For someone to die prematurely while incarcerated, a lot has to go wrong.
Even so, it’s happening more and more, with 2022 one of the deadliest years on record for Mainers in custody at one of the state’s prisons or jails — and supposedly in their care — following years of it getting worse, here and around the country.
There are a lot of reasons why: the raging drug epidemic, the failures of our health care system, COVID, and a lack of attention and accountability on the penal system, to name a few.
But in this case, they are all connected by one factor: a lack of interest, at each step, in the fate of the people caught up in the criminal justice system.
How else do you explain the near silence that accompanies these deaths, except from the person’s loved ones and a few brave advocates? These deaths, to our shame, have become acceptable.
It starts with the failure to provide adequate treatment for people with addiction and mental illness, making it more likely that their problems will instead be handled by police and the courts. It’s not for nothing that our prisons and jails so often are referred to as our new mental institutions.
No one would call them anything close to our best, however. Once people are incarcerated, they do not receive the care they need, making it more likely a person will reoffend, and their time behind bars more dangerous.
In the last four years, suicide accounted for more than 20% of the deaths in Maine’s jails and prisons, according to a report from WMTW-8. Between May 2020 and July 2022, there were eight deaths by suicide across six different correctional facilities — all deaths by hanging, all using bed sheets, many by people who had indicated they were at risk for self harm.
There have also been seven deaths by accidental overdose in the last four years, as well as others that call into question the level of care and attention by jail staff.
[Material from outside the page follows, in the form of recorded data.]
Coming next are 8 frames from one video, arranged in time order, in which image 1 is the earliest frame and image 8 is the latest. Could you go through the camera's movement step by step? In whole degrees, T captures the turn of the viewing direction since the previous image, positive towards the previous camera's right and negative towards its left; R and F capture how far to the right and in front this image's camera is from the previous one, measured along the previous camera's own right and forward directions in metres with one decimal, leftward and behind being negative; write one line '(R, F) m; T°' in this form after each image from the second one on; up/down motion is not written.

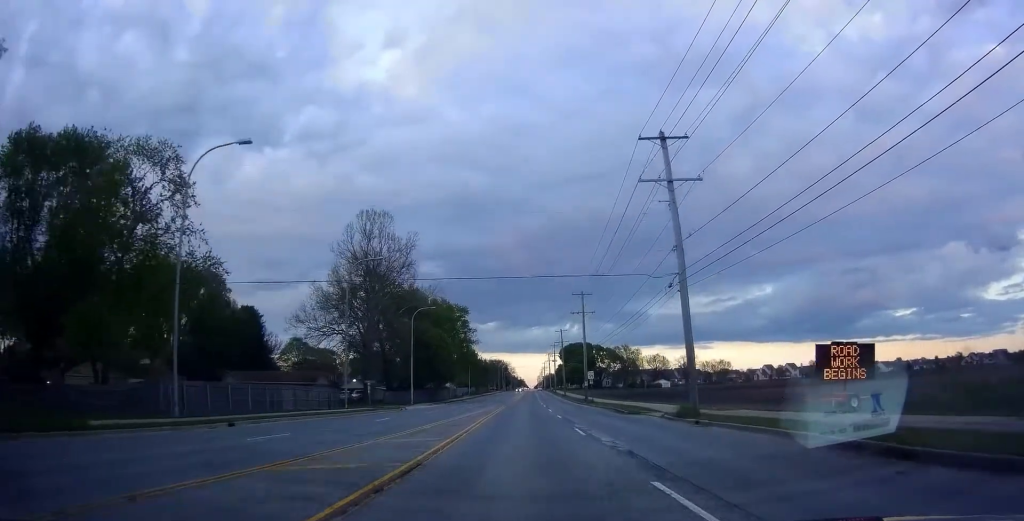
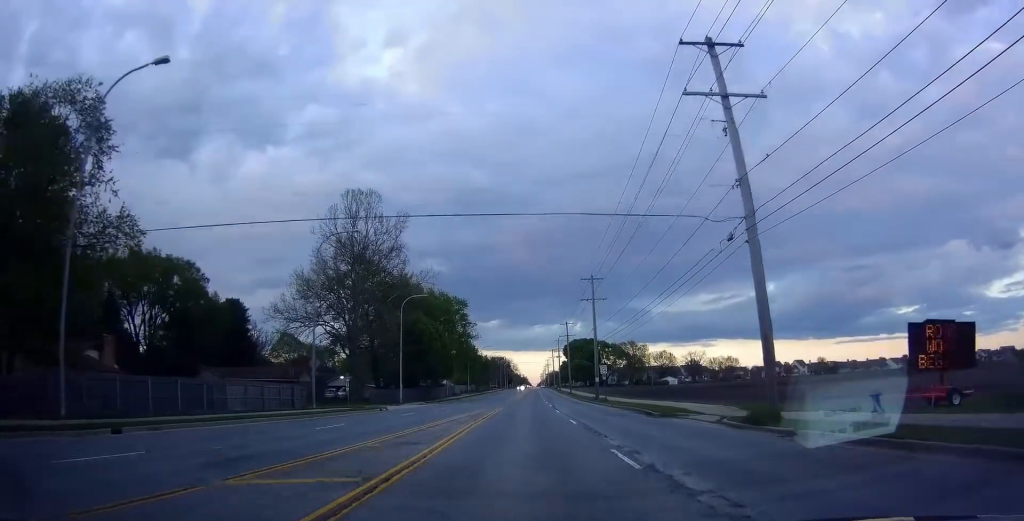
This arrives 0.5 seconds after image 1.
(+0.2, +8.1) m; +1°
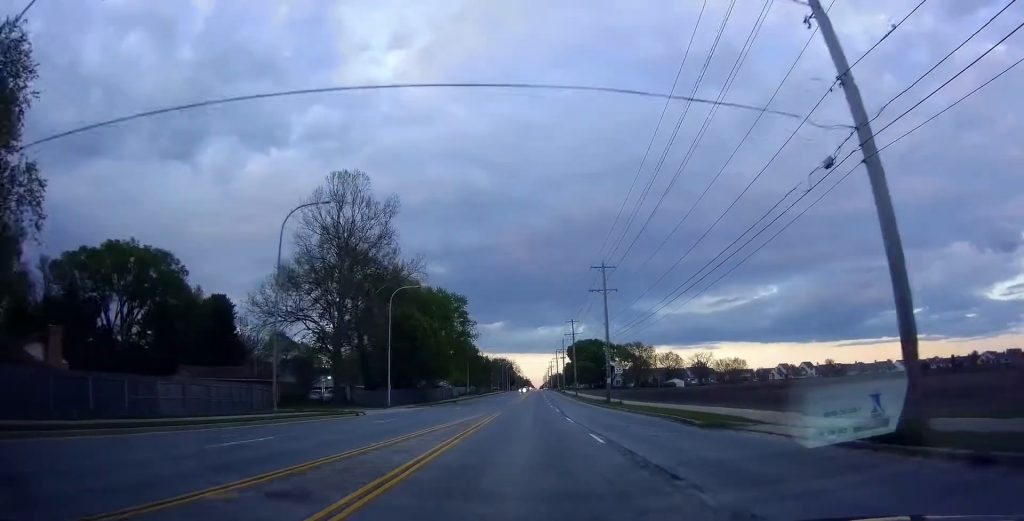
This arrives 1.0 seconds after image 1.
(-0.2, +7.3) m; -1°
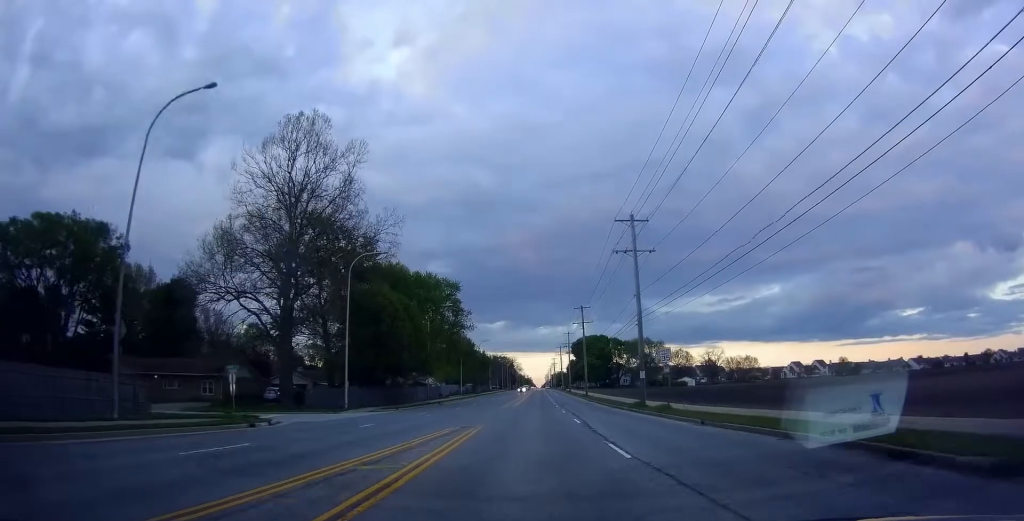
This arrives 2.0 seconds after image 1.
(-0.2, +15.5) m; -2°
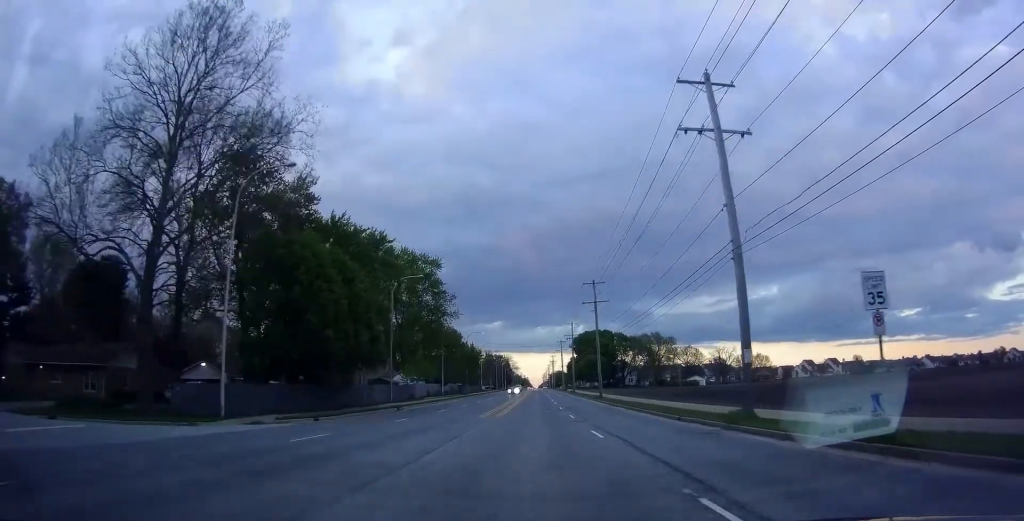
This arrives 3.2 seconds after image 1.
(-0.5, +20.0) m; -1°
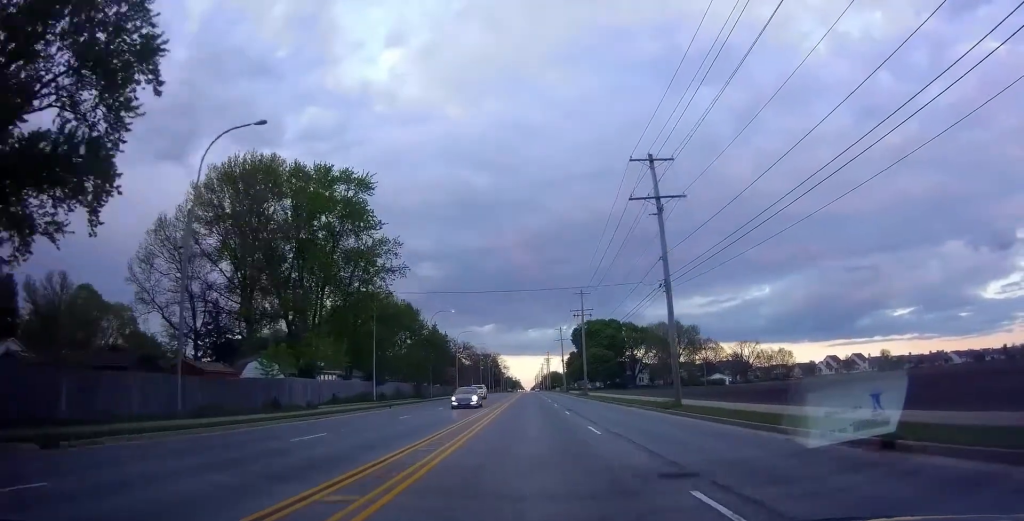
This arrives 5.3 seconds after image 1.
(+1.0, +36.9) m; +2°
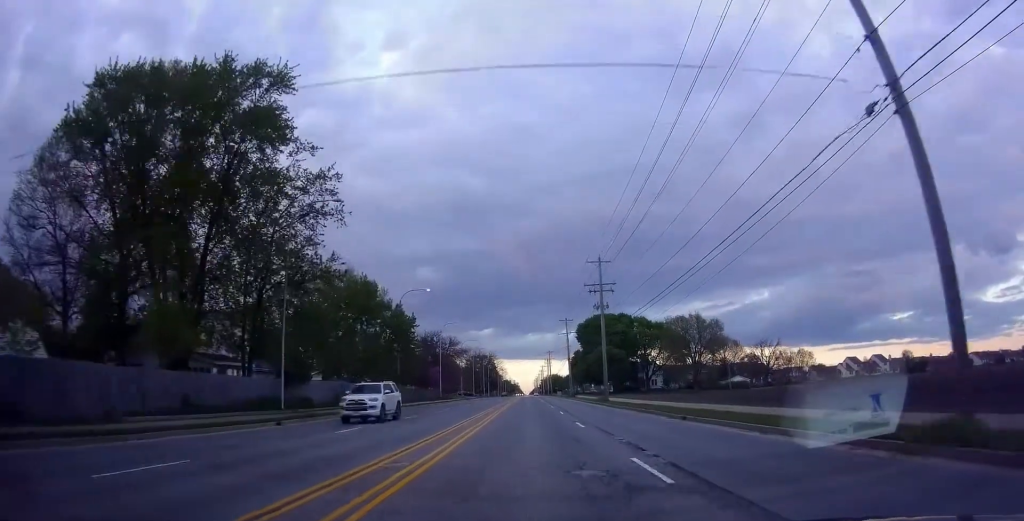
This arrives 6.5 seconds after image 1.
(0.0, +20.9) m; 0°
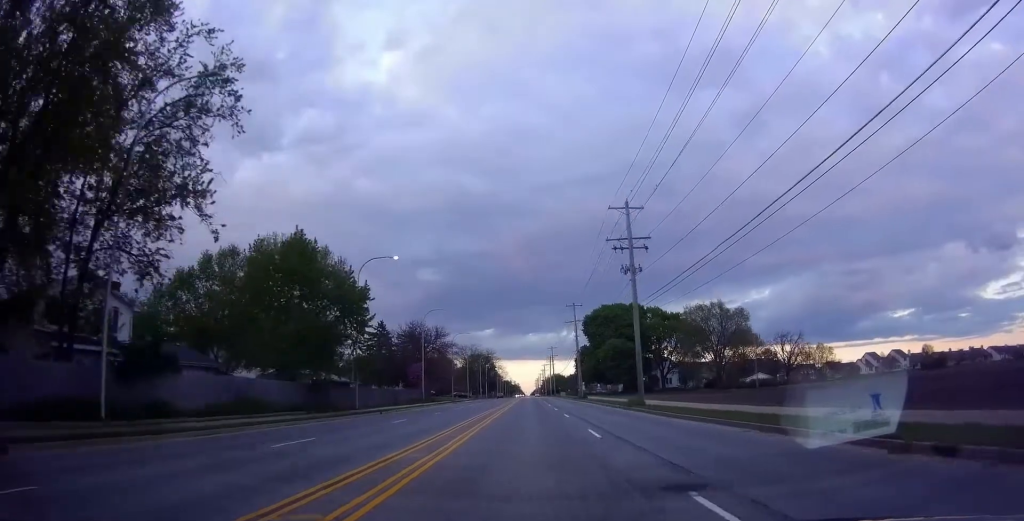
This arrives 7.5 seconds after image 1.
(0.0, +16.8) m; 0°

Part of the problem is the enormous pressure placed on correctional facilities by outside forces.
But there have also been problems with safety, care and supervision that shouldn’t happen under any circumstances. Why are so many people who are at clear risk of suicide left alone? Why are so many unable to get their required medications?
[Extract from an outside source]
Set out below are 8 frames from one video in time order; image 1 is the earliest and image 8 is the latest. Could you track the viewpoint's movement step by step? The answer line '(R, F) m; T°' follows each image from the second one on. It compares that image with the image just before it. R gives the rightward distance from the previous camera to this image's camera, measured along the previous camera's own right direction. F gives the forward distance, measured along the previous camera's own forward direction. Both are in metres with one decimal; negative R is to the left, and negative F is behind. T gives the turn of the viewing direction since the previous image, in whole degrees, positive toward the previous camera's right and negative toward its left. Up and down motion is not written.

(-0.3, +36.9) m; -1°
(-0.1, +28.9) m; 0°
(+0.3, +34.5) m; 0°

Hard change is necessary, both inside and outside of our correctional facilities.
First, the criminal justice system should incarcerate fewer people, particularly in jails, where most are not convicted but awaiting adjudication. Continue to decriminalize low-level drug offenses. Fund substance use and mental health treatment, and when someone’s illness leads them to run afoul of the law, send them there instead.
Second, taxpayers must give prisons and jails the resources they need — then hold them accountable.
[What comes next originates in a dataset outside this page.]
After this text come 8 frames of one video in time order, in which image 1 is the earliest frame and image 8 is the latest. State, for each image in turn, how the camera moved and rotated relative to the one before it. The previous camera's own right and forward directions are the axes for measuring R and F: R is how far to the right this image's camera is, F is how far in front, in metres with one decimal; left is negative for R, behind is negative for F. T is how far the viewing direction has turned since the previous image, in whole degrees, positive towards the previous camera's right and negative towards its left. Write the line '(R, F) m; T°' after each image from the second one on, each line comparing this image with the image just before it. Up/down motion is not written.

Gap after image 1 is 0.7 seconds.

Correctional facilities operate without adequate oversight. It’s a particular problem in jails, each one run by an elected county sheriff who only answers to taxpayers, who in turn care most about the topline cost, not whether people are being treated well.
Maine once tried to create a unified county jail system, with the goal of better using limited statewide resources while improving conditions and oversight. It failed for lack of political support, both statewide and at the county level.
Ultimately, no one wanted to take an important step for accountability and efficiency if it meant giving up power.
Will the staggering increase in deaths make them change their minds and work towards a solution?
Will anyone notice if they don’t?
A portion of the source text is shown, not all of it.